*** Opening of Data records ***

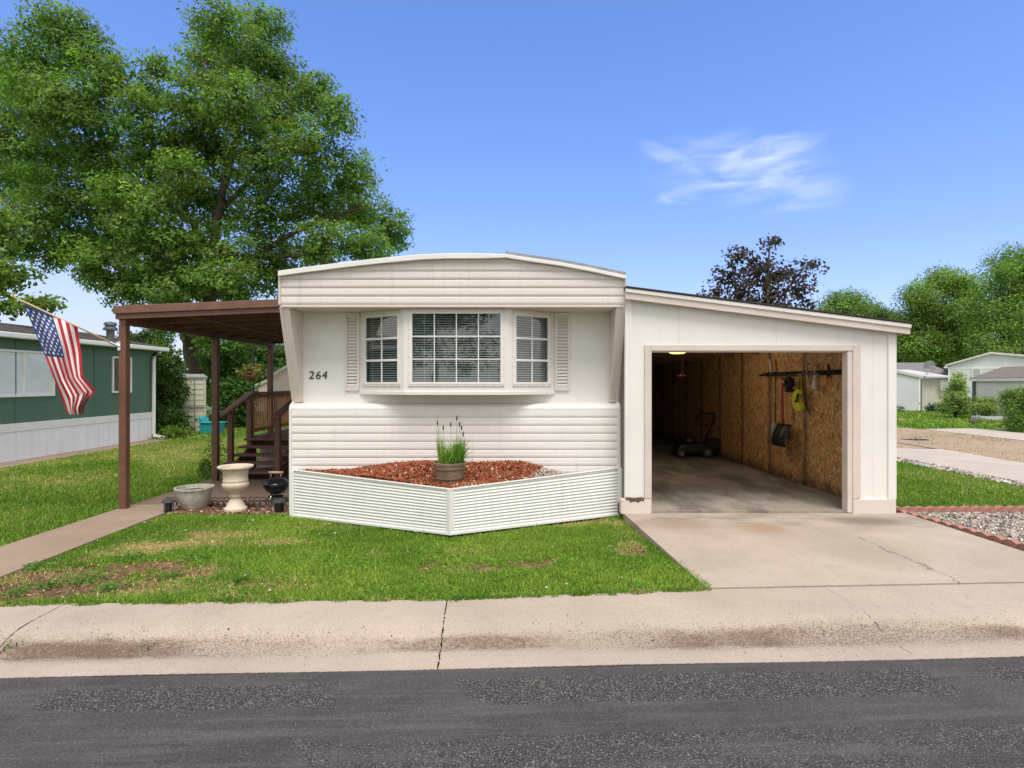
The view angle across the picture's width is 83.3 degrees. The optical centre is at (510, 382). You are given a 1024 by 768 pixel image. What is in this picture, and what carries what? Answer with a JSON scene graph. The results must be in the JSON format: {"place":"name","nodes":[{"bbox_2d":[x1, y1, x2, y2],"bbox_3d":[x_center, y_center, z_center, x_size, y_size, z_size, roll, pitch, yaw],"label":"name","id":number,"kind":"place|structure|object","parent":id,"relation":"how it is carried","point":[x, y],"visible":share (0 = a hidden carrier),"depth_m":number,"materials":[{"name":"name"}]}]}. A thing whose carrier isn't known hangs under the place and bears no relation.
{"place":"outdoors","nodes":[
{"label":"outdoors","id":0,"kind":"place"},
{"bbox_2d":[0,438,174,467],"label":"path","id":1,"kind":"structure","parent":0,"point":[39,459],"depth_m":13.66,"materials":[{"name":"concrete"}]},
{"bbox_2d":[0,504,179,578],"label":"path","id":2,"kind":"structure","parent":0,"point":[15,556],"depth_m":6.34,"materials":[{"name":"concrete"}]},
{"bbox_2d":[0,437,259,545],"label":"grass","id":3,"kind":"structure","parent":0,"point":[172,451],"depth_m":9.90,"materials":[{"name":"green plant"}]},
{"bbox_2d":[135,465,288,506],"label":"patio","id":4,"kind":"structure","parent":0,"point":[254,488],"depth_m":8.78,"materials":[{"name":"concrete"}]},
{"bbox_2d":[113,299,283,508],"bbox_3d":[-4.067,0.293,10.190,2.401,2.814,5.120,0,0,0],"label":"patio awning","id":5,"kind":"object","parent":4,"relation":"on","point":[256,322],"visible":0.73,"depth_m":8.14,"materials":[{"name":"brown paint"}]},
{"bbox_2d":[11,295,120,413],"bbox_3d":[-5.711,-0.342,7.378,1.170,1.520,0.311,0,0,-21],"label":"flag","id":6,"kind":"object","parent":5,"relation":"attached to","point":[58,338],"visible":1,"depth_m":7.41,"materials":[{"name":"fabric"}]},
{"bbox_2d":[232,344,277,434],"bbox_3d":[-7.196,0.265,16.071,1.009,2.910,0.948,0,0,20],"label":"flower basket","id":7,"kind":"object","parent":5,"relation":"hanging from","point":[250,372],"visible":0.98,"depth_m":15.89,"materials":[{"name":"green plant"}]},
{"bbox_2d":[219,391,291,477],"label":"porch stairs","id":8,"kind":"structure","parent":4,"relation":"on","point":[273,446],"depth_m":10.99,"materials":[{"name":"brown paint"}]},
{"bbox_2d":[261,471,288,503],"bbox_3d":[-3.326,1.478,8.173,0.385,0.433,0.385,0,0,0],"label":"kettle grill","id":9,"kind":"object","parent":4,"relation":"on","point":[276,486],"visible":0.97,"depth_m":8.07,"materials":[{"name":"black metal"}]},
{"bbox_2d":[148,415,288,439],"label":"grass","id":10,"kind":"structure","parent":0,"point":[202,435],"depth_m":18.50,"materials":[{"name":"green plant"}]},
{"bbox_2d":[0,512,712,605],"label":"lawn","id":11,"kind":"structure","parent":0,"point":[128,569],"depth_m":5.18,"materials":[{"name":"plant"}]},
{"bbox_2d":[0,551,253,597],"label":"lawn weeds","id":12,"kind":"object","parent":11,"relation":"on","point":[111,586],"visible":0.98,"depth_m":4.96,"materials":[{"name":"brown plant"}]},
{"bbox_2d":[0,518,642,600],"bbox_3d":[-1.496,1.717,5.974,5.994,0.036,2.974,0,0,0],"label":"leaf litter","id":13,"kind":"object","parent":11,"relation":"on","point":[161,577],"visible":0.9,"depth_m":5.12,"materials":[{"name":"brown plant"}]},
{"bbox_2d":[0,585,711,606],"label":"grass","id":14,"kind":"structure","parent":11,"relation":"on","point":[278,599],"depth_m":4.53,"materials":[{"name":"green plant"}]},
{"bbox_2d":[0,610,1018,664],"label":"grit","id":15,"kind":"object","parent":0,"point":[517,636],"visible":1,"depth_m":4.04,"materials":[{"name":"brown gravel"}]},
{"bbox_2d":[0,658,1023,767],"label":"road","id":16,"kind":"structure","parent":0,"point":[951,713],"depth_m":3.09,"materials":[{"name":"grey asphalt"}]},
{"bbox_2d":[0,583,1023,678],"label":"sidewalk","id":17,"kind":"structure","parent":0,"point":[486,633],"depth_m":4.07,"materials":[{"name":"concrete"}]},
{"bbox_2d":[0,595,459,652],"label":"weeds","id":18,"kind":"object","parent":17,"relation":"on","point":[9,647],"visible":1,"depth_m":3.90,"materials":[{"name":"green plant"}]},
{"bbox_2d":[0,401,1023,669],"bbox_3d":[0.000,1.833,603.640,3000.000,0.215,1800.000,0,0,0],"label":"ground","id":19,"kind":"structure","parent":0,"point":[362,525],"depth_m":7.90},
{"bbox_2d":[0,199,67,321],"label":"maple tree","id":20,"kind":"object","parent":19,"relation":"on","point":[8,274],"visible":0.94,"depth_m":15.20,"materials":[{"name":"green plant"}]},
{"bbox_2d":[0,322,168,462],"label":"neighbour home","id":21,"kind":"object","parent":19,"relation":"on","point":[37,419],"visible":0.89,"depth_m":14.07,"materials":[{"name":"green"}]},
{"bbox_2d":[0,349,54,397],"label":"window","id":22,"kind":"structure","parent":21,"relation":"in","point":[35,378],"depth_m":12.86,"materials":[{"name":"white paint"}]},
{"bbox_2d":[112,356,131,392],"bbox_3d":[-10.839,-0.211,16.082,0.039,1.001,0.793,0,0,0],"label":"window","id":23,"kind":"structure","parent":21,"relation":"in","point":[115,360],"depth_m":15.87,"materials":[{"name":"white paint"}]},
{"bbox_2d":[115,328,176,347],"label":"tree","id":24,"kind":"object","parent":19,"relation":"on","point":[142,336],"visible":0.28,"depth_m":61.28,"materials":[{"name":"green plant"}]},
{"bbox_2d":[161,498,175,512],"bbox_3d":[-4.478,1.661,7.551,0.170,0.278,0.170,0,0,0],"label":"path lantern","id":25,"kind":"object","parent":19,"relation":"on","point":[168,503],"visible":0.97,"depth_m":7.51,"materials":[{"name":"black plastic"}]},
{"bbox_2d":[145,338,197,433],"bbox_3d":[-11.423,0.189,18.906,2.001,3.326,2.240,0,0,0],"label":"vine shrub","id":26,"kind":"object","parent":19,"relation":"on","point":[168,393],"visible":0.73,"depth_m":18.69,"materials":[{"name":"green plant"}]},
{"bbox_2d":[157,424,193,438],"bbox_3d":[-10.339,1.537,17.865,0.970,0.612,1.571,0,0,-27],"label":"plant","id":27,"kind":"object","parent":19,"relation":"on","point":[169,433],"visible":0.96,"depth_m":17.43,"materials":[{"name":"green plant"}]},
{"bbox_2d":[167,374,206,431],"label":"resin shed","id":28,"kind":"structure","parent":19,"relation":"on","point":[196,402],"depth_m":19.86,"materials":[{"name":"beige plastic"}]},
{"bbox_2d":[195,456,211,478],"bbox_3d":[-5.473,1.545,10.325,0.296,0.412,0.301,0,0,0],"label":"plant","id":29,"kind":"object","parent":19,"relation":"on","point":[202,470],"visible":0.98,"depth_m":10.28,"materials":[{"name":"green plant"}]},
{"bbox_2d":[0,0,415,416],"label":"shade tree","id":30,"kind":"object","parent":19,"relation":"on","point":[134,203],"visible":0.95,"depth_m":22.56,"materials":[{"name":"green plant"}]},
{"bbox_2d":[198,416,226,433],"bbox_3d":[-9.994,1.419,19.300,0.795,0.581,0.540,0,0,0],"label":"teal seat","id":31,"kind":"object","parent":19,"relation":"on","point":[205,426],"visible":0.75,"depth_m":19.09,"materials":[{"name":"plastic"}]},
{"bbox_2d":[158,360,266,373],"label":"distant trees","id":32,"kind":"object","parent":19,"relation":"on","point":[185,367],"depth_m":114.68,"materials":[{"name":"green plant"}]},
{"bbox_2d":[201,439,226,471],"bbox_3d":[-5.721,1.414,11.147,0.505,0.659,0.546,0,0,-27],"label":"leafy plant","id":33,"kind":"object","parent":19,"relation":"on","point":[210,454],"visible":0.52,"depth_m":11.15,"materials":[{"name":"green plant"}]},
{"bbox_2d":[189,338,261,428],"bbox_3d":[-10.706,0.136,21.934,2.640,3.953,2.911,0,0,0],"label":"leafy shrub","id":34,"kind":"object","parent":19,"relation":"on","point":[236,355],"visible":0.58,"depth_m":21.41,"materials":[{"name":"green plant"}]},
{"bbox_2d":[165,506,288,514],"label":"bark mulch","id":35,"kind":"object","parent":19,"relation":"on","point":[250,511],"visible":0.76,"depth_m":7.59,"materials":[{"name":"brown wood"}]},
{"bbox_2d":[173,484,214,509],"bbox_3d":[-4.285,1.558,7.810,0.490,0.285,0.490,0,0,0],"label":"planter bowl","id":36,"kind":"object","parent":35,"relation":"on","point":[193,496],"visible":1,"depth_m":7.67,"materials":[{"name":"stone"}]},
{"bbox_2d":[217,463,253,511],"bbox_3d":[-3.662,1.404,7.676,0.448,0.592,0.448,0,0,0],"label":"garden urn","id":37,"kind":"object","parent":35,"relation":"on","point":[235,483],"visible":1,"depth_m":7.57,"materials":[{"name":"beige stone"}]},
{"bbox_2d":[218,497,246,506],"bbox_3d":[-3.793,1.635,7.860,0.394,0.141,0.012,0,0,0],"label":"wire edging","id":38,"kind":"object","parent":19,"relation":"on","point":[227,501],"visible":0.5,"depth_m":7.86,"materials":[{"name":"black metal"}]},
{"bbox_2d":[225,343,286,367],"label":"tree","id":39,"kind":"object","parent":19,"relation":"on","point":[260,354],"visible":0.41,"depth_m":46.75,"materials":[{"name":"green plant"}]},
{"bbox_2d":[236,359,283,385],"bbox_3d":[-16.072,0.148,37.979,5.940,3.318,4.639,0,0,0],"label":"tree","id":40,"kind":"object","parent":19,"relation":"on","point":[260,379],"visible":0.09,"depth_m":38.00,"materials":[{"name":"green plant"}]},
{"bbox_2d":[248,497,271,506],"bbox_3d":[-3.422,1.635,7.875,0.328,0.141,0.012,0,0,0],"label":"wire edging","id":41,"kind":"object","parent":19,"relation":"on","point":[260,502],"visible":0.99,"depth_m":7.87,"materials":[{"name":"black plastic"}]},
{"bbox_2d":[272,498,285,512],"bbox_3d":[-3.031,1.661,7.551,0.170,0.278,0.170,0,0,0],"label":"path lantern","id":42,"kind":"object","parent":19,"relation":"on","point":[278,505],"visible":0.96,"depth_m":7.51,"materials":[{"name":"black plastic"}]},
{"bbox_2d":[273,365,289,414],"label":"pink shed","id":43,"kind":"structure","parent":19,"relation":"on","point":[280,379],"depth_m":30.00,"materials":[{"name":"paint"}]},
{"bbox_2d":[278,251,625,514],"bbox_3d":[-0.719,0.050,14.842,4.311,3.340,15.515,0,0,0],"label":"mobile home","id":44,"kind":"object","parent":19,"relation":"on","point":[511,356],"visible":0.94,"depth_m":7.47,"materials":[{"name":"metal"}]},
{"bbox_2d":[360,309,554,394],"bbox_3d":[-0.705,-0.384,7.451,2.583,1.089,0.436,0,0,0],"label":"bay window","id":45,"kind":"structure","parent":44,"relation":"in","point":[404,385],"depth_m":7.31,"materials":[{"name":"beige"}]},
{"bbox_2d":[290,467,621,535],"bbox_3d":[-0.698,1.415,6.900,4.255,0.651,1.101,0,0,0],"label":"raised flower bed","id":46,"kind":"object","parent":19,"relation":"on","point":[583,495],"visible":0.99,"depth_m":6.85,"materials":[{"name":"white metal"}]},
{"bbox_2d":[299,459,556,487],"bbox_3d":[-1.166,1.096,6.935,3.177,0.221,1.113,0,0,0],"label":"bark mulch","id":47,"kind":"object","parent":46,"relation":"in","point":[413,469],"visible":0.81,"depth_m":7.03,"materials":[{"name":"brown wood"}]},
{"bbox_2d":[432,461,465,483],"bbox_3d":[-0.712,1.051,6.720,0.392,0.248,0.392,0,0,0],"label":"flower pot","id":48,"kind":"object","parent":47,"relation":"on","point":[449,473],"visible":0.86,"depth_m":6.57,"materials":[{"name":"brown ceramic"}]},
{"bbox_2d":[433,408,472,464],"bbox_3d":[-0.649,0.652,6.705,0.580,0.746,0.622,0,0,-21],"label":"spiky plant","id":49,"kind":"object","parent":48,"relation":"on","point":[455,454],"visible":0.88,"depth_m":6.68,"materials":[{"name":"green plant"}]},
{"bbox_2d":[454,467,567,487],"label":"white pebbles","id":50,"kind":"object","parent":47,"relation":"on","point":[543,470],"visible":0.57,"depth_m":7.15,"materials":[{"name":"white stone"}]},
{"bbox_2d":[652,435,846,512],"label":"floor slab","id":51,"kind":"structure","parent":19,"relation":"on","point":[691,483],"depth_m":8.67,"materials":[{"name":"concrete"}]},
{"bbox_2d":[670,413,719,457],"bbox_3d":[4.110,1.156,12.750,0.999,0.973,0.584,0,0,0],"label":"push mower","id":52,"kind":"object","parent":51,"relation":"on","point":[691,444],"visible":1,"depth_m":12.56,"materials":[{"name":"black plastic"}]},
{"bbox_2d":[696,232,829,309],"bbox_3d":[13.001,-3.080,29.984,7.188,9.763,4.245,0,0,0],"label":"purple maple","id":53,"kind":"object","parent":19,"relation":"on","point":[758,268],"visible":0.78,"depth_m":29.80,"materials":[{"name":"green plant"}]},
{"bbox_2d":[619,286,913,516],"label":"garage","id":54,"kind":"structure","parent":19,"relation":"on","point":[841,439],"depth_m":7.15,"materials":[{"name":"beige wood"}]},
{"bbox_2d":[758,369,841,375],"bbox_3d":[4.518,-0.150,9.025,0.162,0.081,2.650,0,0,0],"label":"tool rack","id":55,"kind":"object","parent":54,"relation":"attached to","point":[811,372],"visible":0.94,"depth_m":8.94,"materials":[{"name":"black plastic"}]},
{"bbox_2d":[771,377,791,446],"bbox_3d":[4.409,0.477,9.431,0.183,1.116,0.480,0,0,0],"label":"snow shovel","id":56,"kind":"object","parent":55,"relation":"hanging from","point":[779,434],"visible":0.99,"depth_m":9.37,"materials":[{"name":"black plastic"}]},
{"bbox_2d":[781,377,794,392],"bbox_3d":[4.435,0.034,9.202,0.186,0.256,0.270,0,0,0],"label":"black cap","id":57,"kind":"object","parent":55,"relation":"hanging from","point":[788,383],"visible":1,"depth_m":9.12,"materials":[{"name":"plastic"}]},
{"bbox_2d":[792,373,804,410],"bbox_3d":[4.457,0.144,8.941,0.085,0.587,0.279,0,0,0],"label":"yellow guard","id":58,"kind":"object","parent":55,"relation":"hanging from","point":[798,405],"visible":1,"depth_m":8.91,"materials":[{"name":"plastic"}]},
{"bbox_2d":[804,363,809,388],"bbox_3d":[4.491,-0.098,8.713,0.060,0.394,0.110,0,0,0],"label":"hammer","id":59,"kind":"object","parent":55,"relation":"hanging from","point":[807,376],"visible":1,"depth_m":8.69,"materials":[{"name":"brown wood"}]},
{"bbox_2d":[812,370,816,389],"bbox_3d":[4.486,-0.036,8.504,0.032,0.284,0.098,0,0,0],"label":"white trowel","id":60,"kind":"object","parent":55,"relation":"hanging from","point":[814,384],"visible":1,"depth_m":8.48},
{"bbox_2d":[825,364,832,387],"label":"hedge shears","id":61,"kind":"object","parent":55,"relation":"hanging from","point":[828,377],"visible":0.98,"depth_m":8.14,"materials":[{"name":"metal"}]},
{"bbox_2d":[814,284,887,316],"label":"bright tree","id":62,"kind":"object","parent":19,"relation":"on","point":[841,303],"visible":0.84,"depth_m":60.68,"materials":[{"name":"green plant"}]},
{"bbox_2d":[855,302,901,318],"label":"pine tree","id":63,"kind":"object","parent":19,"relation":"on","point":[882,313],"visible":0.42,"depth_m":68.46,"materials":[{"name":"green plant"}]},
{"bbox_2d":[902,506,916,511],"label":"edging brick","id":64,"kind":"object","parent":19,"relation":"on","point":[909,509],"visible":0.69,"depth_m":7.49,"materials":[{"name":"red brick"}]},
{"bbox_2d":[897,370,922,410],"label":"grey shed","id":65,"kind":"structure","parent":19,"relation":"on","point":[908,391],"depth_m":34.50,"materials":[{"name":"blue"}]},
{"bbox_2d":[897,443,925,447],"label":"dirt yard","id":66,"kind":"structure","parent":19,"relation":"on","point":[899,445],"depth_m":15.38,"materials":[{"name":"beige soil"}]},
{"bbox_2d":[914,506,927,512],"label":"edging brick","id":67,"kind":"object","parent":19,"relation":"on","point":[921,509],"visible":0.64,"depth_m":7.50,"materials":[{"name":"red brick"}]},
{"bbox_2d":[899,370,950,410],"bbox_3d":[25.637,0.436,36.275,1.539,2.568,3.650,0,0,0],"label":"lean to shed","id":68,"kind":"object","parent":19,"relation":"on","point":[930,390],"visible":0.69,"depth_m":34.80,"materials":[{"name":"white paint"}]},
{"bbox_2d":[923,361,935,374],"bbox_3d":[25.448,-0.827,34.976,0.561,0.975,0.557,0,0,-45],"label":"satellite dish","id":69,"kind":"object","parent":68,"relation":"on","point":[929,366],"visible":0.99,"depth_m":35.03,"materials":[{"name":"metal"}]},
{"bbox_2d":[919,402,937,411],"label":"plant","id":70,"kind":"object","parent":19,"relation":"on","point":[929,408],"visible":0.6,"depth_m":33.12,"materials":[{"name":"green plant"}]},
{"bbox_2d":[925,506,939,512],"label":"edging brick","id":71,"kind":"object","parent":19,"relation":"on","point":[932,509],"visible":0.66,"depth_m":7.50,"materials":[{"name":"red brick"}]},
{"bbox_2d":[897,351,969,368],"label":"dark tree","id":72,"kind":"object","parent":19,"relation":"on","point":[900,360],"visible":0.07,"depth_m":64.72,"materials":[{"name":"green plant"}]},
{"bbox_2d":[926,518,940,522],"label":"edging brick","id":73,"kind":"object","parent":19,"relation":"on","point":[935,520],"visible":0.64,"depth_m":6.85,"materials":[{"name":"red brick"}]},
{"bbox_2d":[885,261,992,367],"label":"round tree","id":74,"kind":"object","parent":19,"relation":"on","point":[935,329],"visible":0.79,"depth_m":57.14,"materials":[{"name":"green plant"}]},
{"bbox_2d":[937,506,950,511],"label":"edging brick","id":75,"kind":"object","parent":19,"relation":"on","point":[944,509],"visible":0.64,"depth_m":7.50,"materials":[{"name":"red brick"}]},
{"bbox_2d":[937,521,952,526],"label":"edging brick","id":76,"kind":"object","parent":19,"relation":"on","point":[946,523],"visible":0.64,"depth_m":6.69,"materials":[{"name":"red brick"}]},
{"bbox_2d":[897,409,1010,428],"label":"grass","id":77,"kind":"structure","parent":19,"relation":"on","point":[939,419],"depth_m":24.55,"materials":[{"name":"green plant"}]},
{"bbox_2d":[933,371,977,417],"bbox_3d":[21.358,0.608,27.594,1.807,2.397,2.159,0,0,36],"label":"cedar shrub","id":78,"kind":"object","parent":19,"relation":"on","point":[956,401],"visible":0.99,"depth_m":27.20,"materials":[{"name":"green plant"}]},
{"bbox_2d":[949,506,962,512],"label":"edging brick","id":79,"kind":"object","parent":19,"relation":"on","point":[955,509],"visible":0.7,"depth_m":7.51,"materials":[{"name":"red brick"}]},
{"bbox_2d":[949,524,965,530],"bbox_3d":[5.100,1.687,6.571,0.080,0.127,0.150,0,0,-9],"label":"edging brick","id":80,"kind":"object","parent":19,"relation":"on","point":[957,526],"visible":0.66,"depth_m":6.55,"materials":[{"name":"red brick"}]},
{"bbox_2d":[897,458,1023,486],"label":"edge stones","id":81,"kind":"object","parent":19,"relation":"on","point":[969,473],"visible":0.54,"depth_m":10.80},
{"bbox_2d":[897,428,1023,461],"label":"dirt yard","id":82,"kind":"structure","parent":19,"relation":"on","point":[1012,448],"depth_m":15.96,"materials":[{"name":"beige soil"}]},
{"bbox_2d":[897,448,1023,481],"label":"concrete pad","id":83,"kind":"object","parent":19,"relation":"on","point":[1002,468],"visible":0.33,"depth_m":12.27,"materials":[{"name":"beige concrete"}]},
{"bbox_2d":[960,506,973,512],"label":"edging brick","id":84,"kind":"object","parent":19,"relation":"on","point":[968,509],"visible":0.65,"depth_m":7.51,"materials":[{"name":"red brick"}]},
{"bbox_2d":[961,528,977,534],"bbox_3d":[5.122,1.687,6.417,0.080,0.127,0.150,0,0,-6],"label":"edging brick","id":85,"kind":"object","parent":19,"relation":"on","point":[969,530],"visible":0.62,"depth_m":6.39,"materials":[{"name":"red brick"}]},
{"bbox_2d":[923,428,1023,440],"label":"concrete pad","id":86,"kind":"object","parent":19,"relation":"on","point":[996,434],"visible":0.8,"depth_m":19.37,"materials":[{"name":"grey concrete"}]},
{"bbox_2d":[971,506,985,513],"bbox_3d":[6.131,1.687,7.555,0.150,0.127,0.080,0,0,2],"label":"edging brick","id":87,"kind":"object","parent":19,"relation":"on","point":[979,509],"visible":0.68,"depth_m":7.52,"materials":[{"name":"red brick"}]},
{"bbox_2d":[974,531,991,539],"bbox_3d":[5.144,1.687,6.262,0.080,0.127,0.150,0,0,-9],"label":"edging brick","id":88,"kind":"object","parent":19,"relation":"on","point":[983,534],"visible":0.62,"depth_m":6.24,"materials":[{"name":"red brick"}]},
{"bbox_2d":[968,396,999,415],"bbox_3d":[21.809,1.178,26.524,1.368,1.282,1.880,0,0,40],"label":"shrub","id":89,"kind":"object","parent":19,"relation":"on","point":[986,406],"visible":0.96,"depth_m":26.32,"materials":[{"name":"green plant"}]},
{"bbox_2d":[969,417,1002,422],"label":"plant","id":90,"kind":"object","parent":19,"relation":"on","point":[978,420],"visible":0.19,"depth_m":24.35,"materials":[{"name":"green plant"}]},
{"bbox_2d":[949,240,1023,358],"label":"tall tree","id":91,"kind":"object","parent":19,"relation":"on","point":[1003,321],"visible":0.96,"depth_m":48.54,"materials":[{"name":"green plant"}]},
{"bbox_2d":[971,416,1002,419],"bbox_3d":[21.422,1.620,25.900,0.960,0.200,0.600,0,0,0],"label":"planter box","id":92,"kind":"object","parent":19,"relation":"on","point":[991,417],"visible":0.53,"depth_m":25.69,"materials":[{"name":"concrete"}]},
{"bbox_2d":[983,506,996,512],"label":"edging brick","id":93,"kind":"object","parent":19,"relation":"on","point":[991,509],"visible":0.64,"depth_m":7.52,"materials":[{"name":"red brick"}]},
{"bbox_2d":[969,366,1023,418],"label":"cream shed","id":94,"kind":"structure","parent":19,"relation":"on","point":[989,383],"depth_m":27.39,"materials":[{"name":"white"}]},
{"bbox_2d":[988,535,1005,543],"bbox_3d":[5.166,1.687,6.108,0.080,0.127,0.150,0,0,-7],"label":"edging brick","id":95,"kind":"object","parent":19,"relation":"on","point":[997,538],"visible":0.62,"depth_m":6.09,"materials":[{"name":"red brick"}]},
{"bbox_2d":[994,505,1008,513],"bbox_3d":[6.437,1.687,7.562,0.150,0.127,0.080,0,0,0],"label":"edging brick","id":96,"kind":"object","parent":19,"relation":"on","point":[1002,508],"visible":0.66,"depth_m":7.52,"materials":[{"name":"red brick"}]},
{"bbox_2d":[994,385,1023,431],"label":"clipped hedge","id":97,"kind":"object","parent":19,"relation":"on","point":[1014,402],"visible":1,"depth_m":20.07,"materials":[{"name":"green plant"}]},
{"bbox_2d":[1002,539,1021,548],"bbox_3d":[5.188,1.687,5.953,0.080,0.127,0.150,0,0,-9],"label":"edging brick","id":98,"kind":"object","parent":19,"relation":"on","point":[1012,543],"visible":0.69,"depth_m":5.93,"materials":[{"name":"red brick"}]},
{"bbox_2d":[1005,505,1019,513],"bbox_3d":[6.590,1.687,7.566,0.150,0.127,0.080,0,0,-1],"label":"edging brick","id":99,"kind":"object","parent":19,"relation":"on","point":[1012,509],"visible":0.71,"depth_m":7.53,"materials":[{"name":"red brick"}]},
{"bbox_2d":[1017,543,1023,550],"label":"edging brick","id":100,"kind":"object","parent":19,"relation":"on","point":[1020,546],"visible":0.69,"depth_m":5.83,"materials":[{"name":"red brick"}]},
{"bbox_2d":[0,0,1023,369],"label":"sky","id":101,"kind":"structure","parent":0,"point":[881,141],"materials":[{"name":"blue"}]},
{"bbox_2d":[623,513,1023,588],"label":"driveway","id":102,"kind":"structure","parent":0,"point":[752,550],"depth_m":5.75,"materials":[{"name":"concrete"}]},
{"bbox_2d":[897,363,947,399],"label":"grey roof house","id":103,"kind":"structure","parent":0,"point":[915,367],"depth_m":42.83,"materials":[{"name":"grey"}]},
{"bbox_2d":[895,460,1023,506],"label":"grass","id":104,"kind":"structure","parent":0,"point":[929,493],"depth_m":9.06,"materials":[{"name":"green plant"}]},
{"bbox_2d":[899,429,1023,459],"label":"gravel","id":105,"kind":"structure","parent":0,"point":[959,437],"depth_m":17.32,"materials":[{"name":"gravel"}]},
{"bbox_2d":[915,511,1023,542],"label":"gravel","id":106,"kind":"structure","parent":0,"point":[1005,528],"depth_m":6.98,"materials":[{"name":"grey gravel"}]},
{"bbox_2d":[944,352,1023,398],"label":"grey house","id":107,"kind":"structure","parent":0,"point":[970,367],"depth_m":38.93,"materials":[{"name":"white paint"}]},
{"bbox_2d":[972,367,981,376],"bbox_3d":[31.634,-0.696,39.084,0.528,0.627,0.039,0,0,37],"label":"window","id":108,"kind":"structure","parent":107,"relation":"in","point":[975,371],"depth_m":39.08,"materials":[{"name":"white paint"}]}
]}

*** Close of Data records ***

> **What is expected**
Would you copy every line of the entries in which "mulch" appears?

> **Response box**
{"bbox_2d":[165,506,288,514],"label":"bark mulch","id":35,"kind":"object","parent":19,"relation":"on","point":[250,511],"visible":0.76,"depth_m":7.59,"materials":[{"name":"brown wood"}]},
{"bbox_2d":[299,459,556,487],"bbox_3d":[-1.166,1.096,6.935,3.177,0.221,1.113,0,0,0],"label":"bark mulch","id":47,"kind":"object","parent":46,"relation":"in","point":[413,469],"visible":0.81,"depth_m":7.03,"materials":[{"name":"brown wood"}]},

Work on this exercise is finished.